### The task
Tally the lines of the records that contain the string "http", then give the total and nothing more.

═════ Data under study

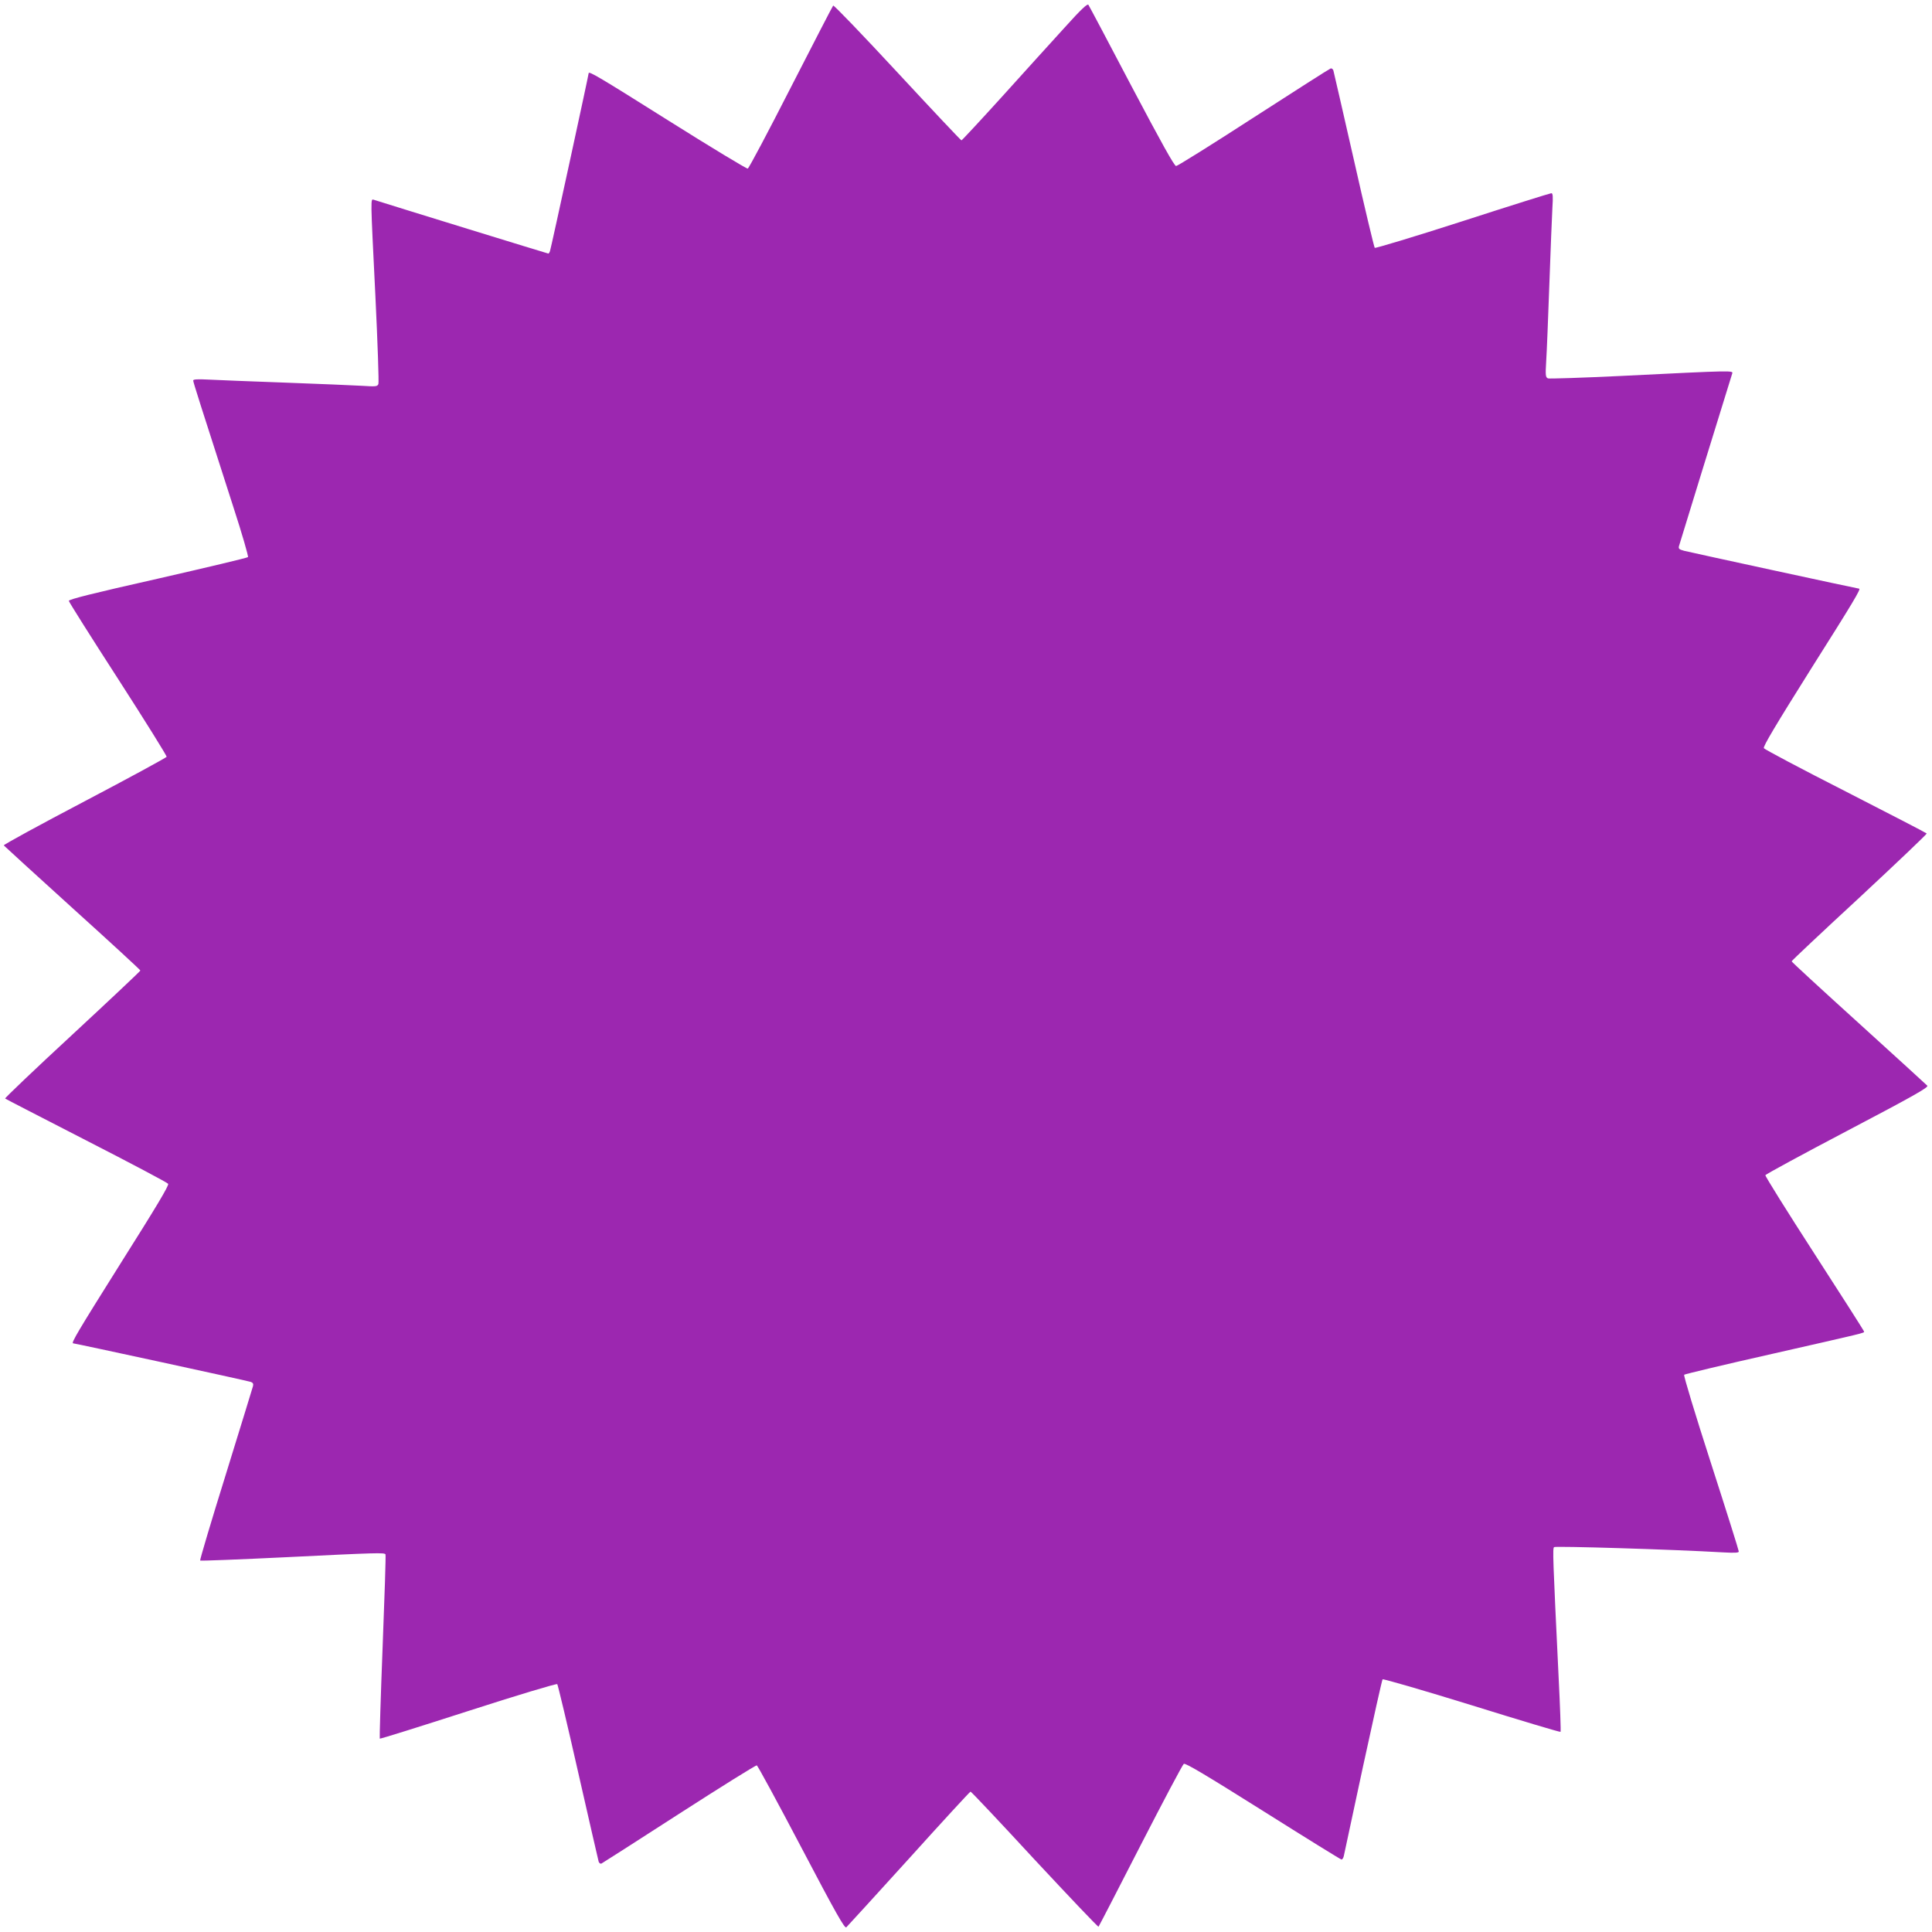<?xml version="1.0" standalone="no"?>
<!DOCTYPE svg PUBLIC "-//W3C//DTD SVG 20010904//EN"
 "http://www.w3.org/TR/2001/REC-SVG-20010904/DTD/svg10.dtd">
<svg version="1.0" xmlns="http://www.w3.org/2000/svg"
 width="1280pt" height="1280pt" viewBox="0 0 1280 1280"
 preserveAspectRatio="xMidYMid meet">
<g transform="translate(0,1280) scale(0.1,-0.1)"
fill="#9c27b0" stroke="none">
<path d="M7054 12618 c-82 -90 -268 -295 -413 -456 -145 -160 -268 -292 -271
-292 -4 0 -195 203 -425 451 -230 248 -421 447 -425 442 -4 -4 -130 -248 -280
-541 -150 -294 -278 -536 -286 -539 -7 -2 -242 140 -522 316 -459 289 -532
332 -532 316 0 -11 -250 -1163 -256 -1178 -3 -9 -8 -17 -11 -17 -4 0 -1017
312 -1155 356 -24 7 -24 35 9 -636 15 -311 24 -574 20 -584 -7 -17 -16 -18
-110 -12 -56 3 -284 13 -507 21 -223 8 -451 17 -507 20 -75 4 -103 2 -103 -6
0 -11 47 -158 266 -838 58 -178 101 -328 97 -332 -5 -5 -274 -69 -598 -143
-435 -98 -590 -137 -589 -147 1 -8 148 -241 327 -518 179 -278 323 -509 321
-515 -3 -6 -247 -139 -544 -295 -297 -156 -537 -287 -535 -292 3 -4 208 -191
455 -415 248 -224 450 -410 450 -414 0 -4 -203 -195 -451 -425 -248 -229 -448
-420 -445 -423 3 -3 246 -128 538 -278 293 -150 537 -279 542 -287 7 -10 -80
-155 -313 -524 -289 -460 -332 -533 -316 -533 12 0 1162 -249 1178 -256 13 -5
17 -13 13 -28 -3 -11 -84 -275 -180 -585 -97 -311 -173 -567 -170 -570 2 -3
258 7 567 22 608 30 653 31 661 19 3 -5 -6 -280 -19 -613 -13 -332 -21 -606
-19 -608 2 -3 266 80 586 183 319 103 585 183 590 178 4 -4 67 -267 138 -582
72 -316 133 -583 136 -593 3 -10 11 -16 18 -14 6 3 238 151 515 330 278 179
509 323 515 321 6 -2 139 -247 295 -544 231 -440 287 -538 298 -529 7 7 194
211 415 455 220 244 404 444 408 444 5 0 196 -203 425 -451 230 -247 420 -447
423 -444 3 3 128 245 278 538 150 292 279 536 287 541 11 7 151 -77 525 -312
281 -177 515 -322 520 -322 5 0 12 10 15 23 3 12 60 278 127 592 68 314 126
574 130 579 5 4 271 -73 591 -172 321 -100 585 -179 588 -176 3 2 -3 168 -13
367 -38 789 -40 847 -30 857 8 8 778 -15 1122 -35 75 -4 102 -3 102 6 0 7 -83
271 -185 587 -102 316 -182 579 -177 584 4 4 266 67 582 138 625 142 610 138
610 148 0 4 -148 236 -329 516 -181 280 -327 514 -325 520 2 6 247 139 544
295 438 230 538 287 529 298 -7 7 -211 194 -455 415 -244 221 -444 405 -444
409 0 4 203 195 451 424 247 230 447 420 444 423 -3 4 -245 129 -538 279 -293
149 -536 278 -541 286 -7 10 79 154 312 525 284 449 333 532 319 532 -9 0
-1126 242 -1160 251 -33 9 -38 14 -33 32 4 16 283 919 352 1141 7 22 22 23
-742 -15 -253 -12 -469 -19 -478 -16 -16 7 -18 18 -12 115 4 59 13 289 21 512
8 223 17 449 20 503 5 76 3 97 -7 97 -7 0 -272 -83 -587 -185 -316 -102 -579
-181 -583 -177 -4 4 -67 266 -138 582 -72 316 -133 583 -136 593 -3 10 -12 16
-19 13 -7 -2 -237 -149 -510 -325 -273 -177 -504 -321 -513 -321 -12 0 -98
155 -295 528 -152 290 -281 533 -286 540 -6 10 -49 -30 -157 -150z"/>
</g>
</svg>

══════════

### Answer to the problem
2